Parceria entre Boeing e Embraer prevê a criação de joint ventures de aviação comercial e defesa. — Foto: Claudia Ferreira / G1

Acordo

A Boeing será controladora da empresa, com 80% de participação, ao fazer um pagamento de US$ 4,2 bilhões (o equivalente a R$ 16,4 bilhões), cerca de 10% maior que o inicialmente previsto. Este valor também supera em mais de 7% o valor de mercado da Embraer no fechamento do pregão da última sexta-feira (R$ 15,2 bilhões). O maior valor de mercado já registrado pela Embraer foi em novembro de 2015, quando a companhia atingiu R$ 22,39 bilhões, segundo dados da Economatica.

Os 20% restantes serão da fabricante brasileira, que poderá vender sua parte para a norte-americana a qualquer momento, por meio de uma opção de venda.

O acordo ainda precisa ser aprovado pelo governo brasileiro, que é dono de uma “golden share” na companhia e tem poder de veto em decisões estratégicas, como a transferência de controle acionário da empresa.

Caso o governo aprove o negócio, o acordo ainda será submetido à aprovação dos acionistas, das autoridades regulatórias, “bem como a outras condições pertinentes à conclusão de uma transação deste tipo”, informou a Embraer.

Negócio da área de defesa

As empresas também chegaram a um acordo sobre os termos de uma segunda joint venture para promover e desenvolver novos mercados na área de defesa, envolvendo o avião multimissão KC-390.

De acordo com a parceria, a Embraer será a controladora neste negócio, com 51% de participação, e a Boeing, os 49% restantes.

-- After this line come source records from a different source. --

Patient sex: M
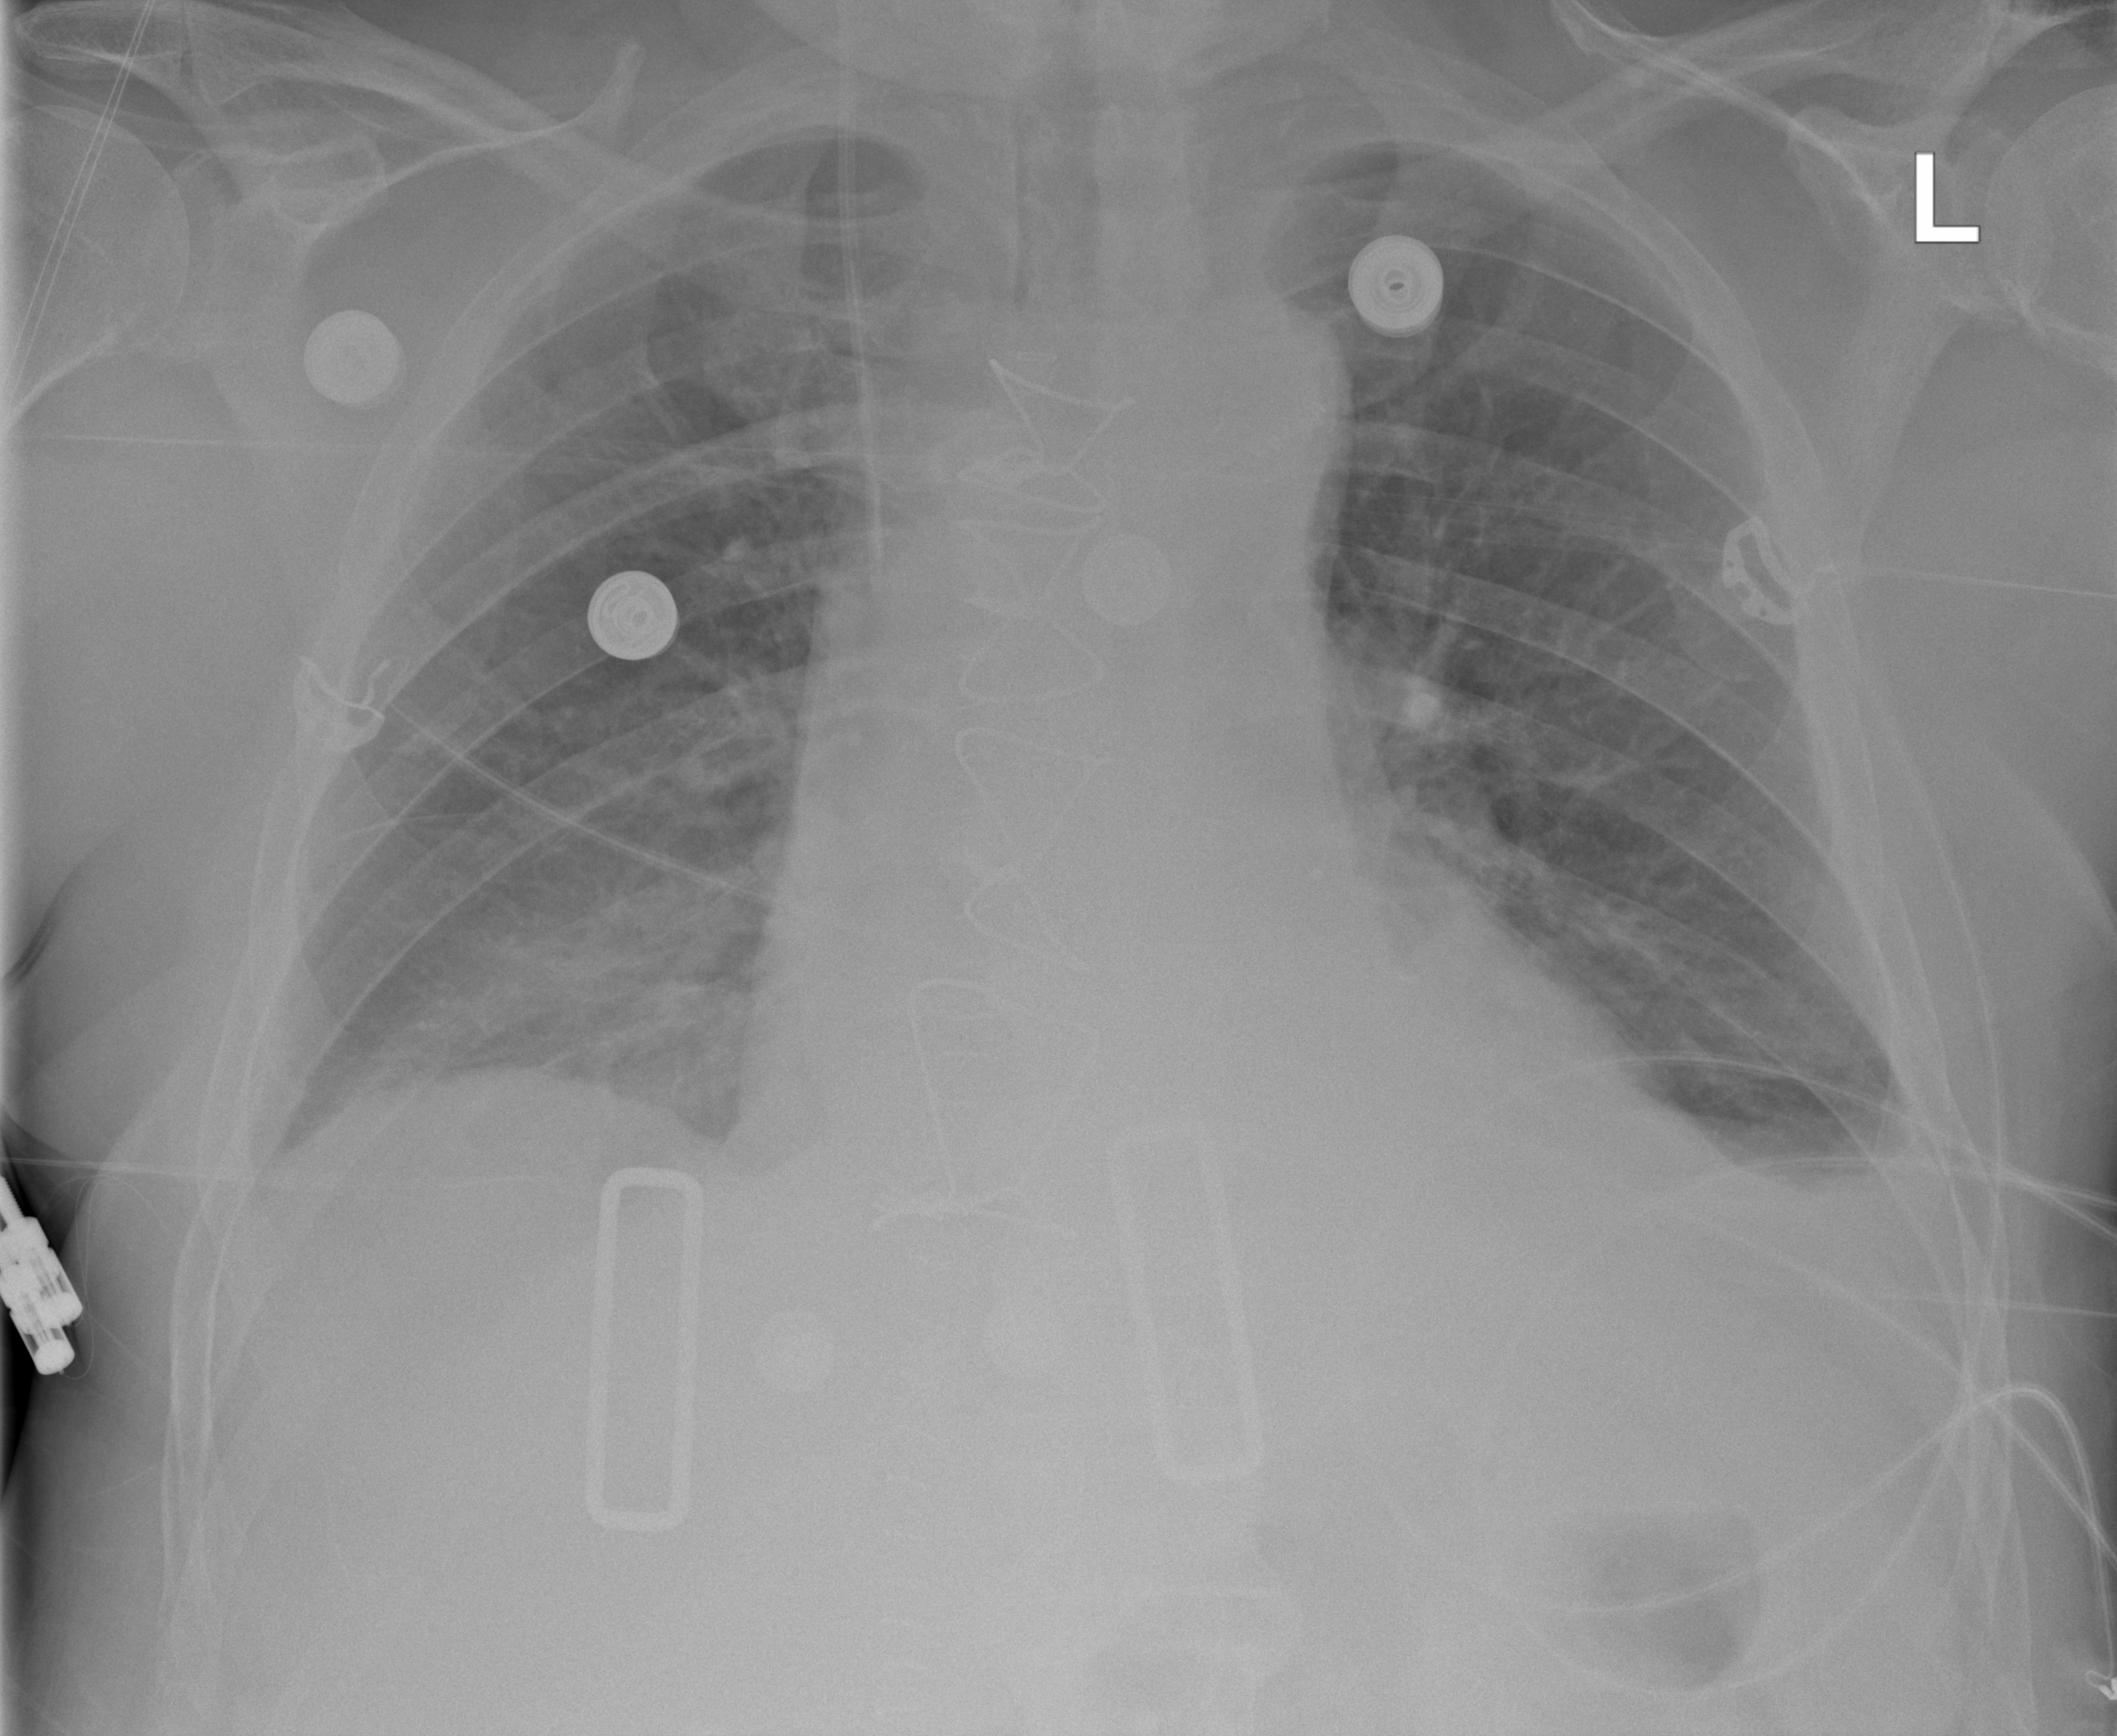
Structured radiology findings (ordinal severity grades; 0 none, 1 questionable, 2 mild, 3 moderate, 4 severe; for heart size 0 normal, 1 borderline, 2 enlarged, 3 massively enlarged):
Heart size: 2
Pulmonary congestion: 0
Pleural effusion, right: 0
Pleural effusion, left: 2
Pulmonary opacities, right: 0
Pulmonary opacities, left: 0
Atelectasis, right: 2
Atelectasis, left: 2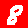
Digit: 8
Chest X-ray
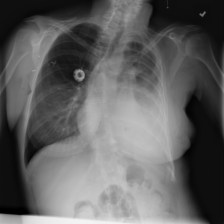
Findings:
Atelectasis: negative
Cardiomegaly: negative
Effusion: positive
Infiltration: negative
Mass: negative
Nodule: negative
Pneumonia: negative
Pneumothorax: negative
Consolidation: negative
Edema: negative
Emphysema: negative
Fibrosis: negative
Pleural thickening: negative
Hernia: negative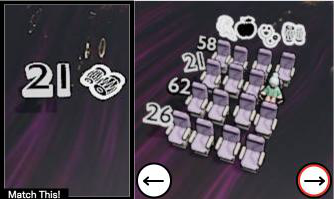
Task: seats
Answer: yes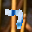
Label: 7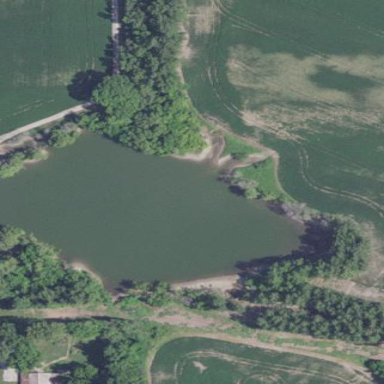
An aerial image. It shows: Serene pond surrounded by nature.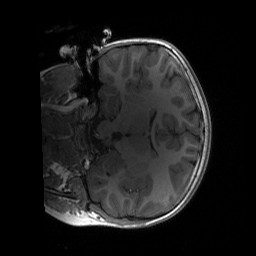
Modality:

O valor total do negócio não foi informado.

Caso a parceria seja aprovada no tempo previsto, a Embraer espera que a negociação seja concluída até o final de 2019.

Por que Boeing e Embraer estão unindo forças

A Boeing e a Embraer anunciaram no fim de 2016 que estudavam unir seus negócios. A expectativa era de que um acordo entre as duas poderia criar uma gigante global de aviação, com forte atuação nos segmentos de longa distância e na aviação regional, e capaz de fazer frente a uma união similar entre as maiores concorrentes, Airbus e Bombardier, que também se uniram.

A americana e a brasileira tentam consolidar em um mesmo negócio duas operações fortes, uma em aviação de longa distância, outra para deslocamentos regionais. Enquanto a Boeing é a principal fabricante de aeronaves comerciais para voos longos, a Embraer lidera o mercado de jatos regionais, com aeronaves equipadas para voar distâncias menores.

A Embraer foi privatizada em 1994, no fim do governo Itamar Franco, por R$ 154,1 milhões (valores da época), quando o governo obteve o poder de decisão sobre a companhia.

A Embraer está avaliada atualmente na bolsa em cerca de US$ 3,9 bilhões, e a Boeing, em US$ 181 bilhões, segundo dados da Economatica.